→ **Supplied information**:
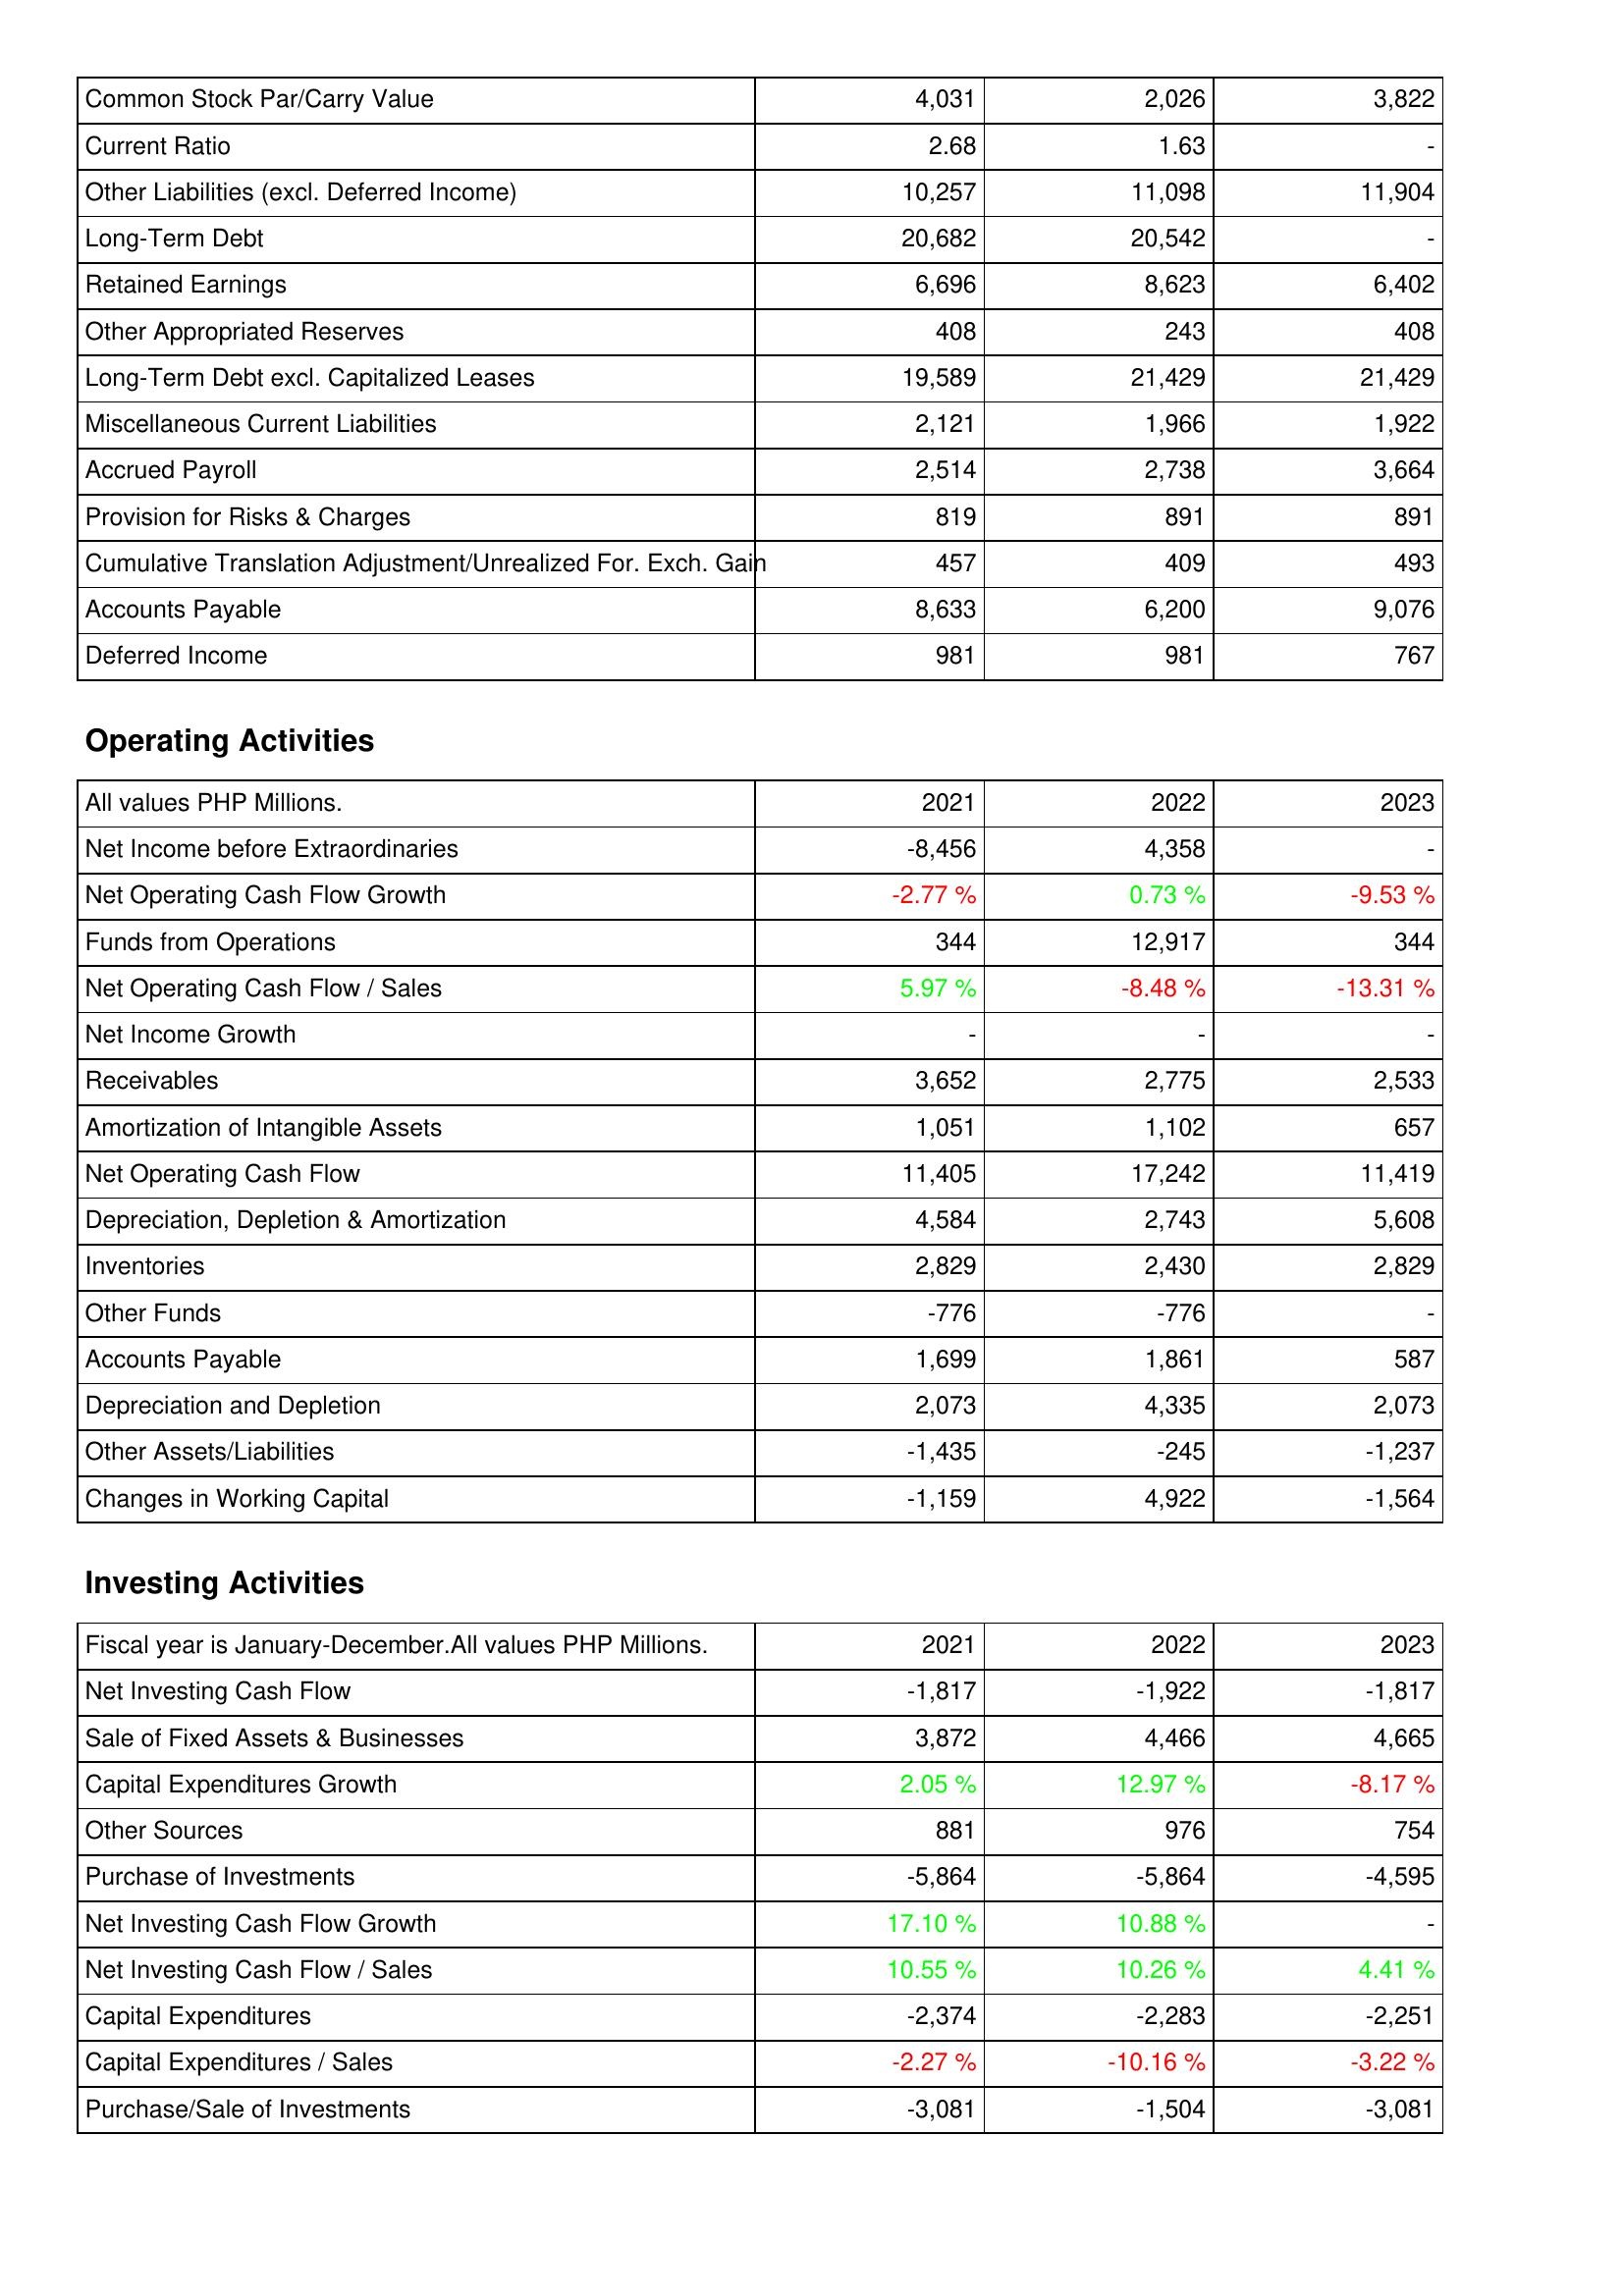
2021: Liabilities & Shareholders' Equity: Common Stock Par/Carry Value: 4,031
Current Ratio: 2.68
Other Liabilities (excl. Deferred Income): 10,257
Long-Term Debt: 20,682
Retained Earnings: 6,696
Other Appropriated Reserves: 408
Long-Term Debt excl. Capitalized Leases: 19,589
Miscellaneous Current Liabilities: 2,121
Accrued Payroll: 2,514
Provision for Risks & Charges: 819
Cumulative Translation Adjustment/Unrealized For. Exch. Gain: 457
Accounts Payable: 8,633
Deferred Income: 981
Operating Activities: Net Income before Extraordinaries: -8,456
Net Operating Cash Flow Growth: -2.77 %
Funds from Operations: 344
Net Operating Cash Flow / Sales: 5.97 %
Net Income Growth: -
Receivables: 3,652
Amortization of Intangible Assets: 1,051
Net Operating Cash Flow: 11,405
Depreciation, Depletion & Amortization: 4,584
Inventories: 2,829
Other Funds: -776
Accounts Payable: 1,699
Depreciation and Depletion: 2,073
Other Assets/Liabilities: -1,435
Changes in Working Capital: -1,159
Investing Activities: Net Investing Cash Flow: -1,817
Sale of Fixed Assets & Businesses: 3,872
Capital Expenditures Growth: 2.05 %
Other Sources: 881
Purchase of Investments: -5,864
Net Investing Cash Flow Growth: 17.10 %
Net Investing Cash Flow / Sales: 10.55 %
Capital Expenditures: -2,374
Capital Expenditures / Sales: -2.27 %
Purchase/Sale of Investments: -3,081
2022: Liabilities & Shareholders' Equity: Common Stock Par/Carry Value: 2,026
Current Ratio: 1.63
Other Liabilities (excl. Deferred Income): 11,098
Long-Term Debt: 20,542
Retained Earnings: 8,623
Other Appropriated Reserves: 243
Long-Term Debt excl. Capitalized Leases: 21,429
Miscellaneous Current Liabilities: 1,966
Accrued Payroll: 2,738
Provision for Risks & Charges: 891
Cumulative Translation Adjustment/Unrealized For. Exch. Gain: 409
Accounts Payable: 6,200
Deferred Income: 981
Operating Activities: Net Income before Extraordinaries: 4,358
Net Operating Cash Flow Growth: 0.73 %
Funds from Operations: 12,917
Net Operating Cash Flow / Sales: -8.48 %
Net Income Growth: -
Receivables: 2,775
Amortization of Intangible Assets: 1,102
Net Operating Cash Flow: 17,242
Depreciation, Depletion & Amortization: 2,743
Inventories: 2,430
Other Funds: -776
Accounts Payable: 1,861
Depreciation and Depletion: 4,335
Other Assets/Liabilities: -245
Changes in Working Capital: 4,922
Investing Activities: Net Investing Cash Flow: -1,922
Sale of Fixed Assets & Businesses: 4,466
Capital Expenditures Growth: 12.97 %
Other Sources: 976
Purchase of Investments: -5,864
Net Investing Cash Flow Growth: 10.88 %
Net Investing Cash Flow / Sales: 10.26 %
Capital Expenditures: -2,283
Capital Expenditures / Sales: -10.16 %
Purchase/Sale of Investments: -1,504
2023: Liabilities & Shareholders' Equity: Common Stock Par/Carry Value: 3,822
Current Ratio: -
Other Liabilities (excl. Deferred Income): 11,904
Long-Term Debt: -
Retained Earnings: 6,402
Other Appropriated Reserves: 408
Long-Term Debt excl. Capitalized Leases: 21,429
Miscellaneous Current Liabilities: 1,922
Accrued Payroll: 3,664
Provision for Risks & Charges: 891
Cumulative Translation Adjustment/Unrealized For. Exch. Gain: 493
Accounts Payable: 9,076
Deferred Income: 767
Operating Activities: Net Income before Extraordinaries: -
Net Operating Cash Flow Growth: -9.53 %
Funds from Operations: 344
Net Operating Cash Flow / Sales: -13.31 %
Net Income Growth: -
Receivables: 2,533
Amortization of Intangible Assets: 657
Net Operating Cash Flow: 11,419
Depreciation, Depletion & Amortization: 5,608
Inventories: 2,829
Other Funds: -
Accounts Payable: 587
Depreciation and Depletion: 2,073
Other Assets/Liabilities: -1,237
Changes in Working Capital: -1,564
Investing Activities: Net Investing Cash Flow: -1,817
Sale of Fixed Assets & Businesses: 4,665
Capital Expenditures Growth: -8.17 %
Other Sources: 754
Purchase of Investments: -4,595
Net Investing Cash Flow Growth: -
Net Investing Cash Flow / Sales: 4.41 %
Capital Expenditures: -2,251
Capital Expenditures / Sales: -3.22 %
Purchase/Sale of Investments: -3,081

→ **Exercise details**: Wherever a line in the data above contains the word "Depletion", copy that line.

→ **Task solution**:
Depreciation, Depletion & Amortization: 4,584
Depreciation and Depletion: 2,073
Depreciation, Depletion & Amortization: 2,743
Depreciation and Depletion: 4,335
Depreciation, Depletion & Amortization: 5,608
Depreciation and Depletion: 2,073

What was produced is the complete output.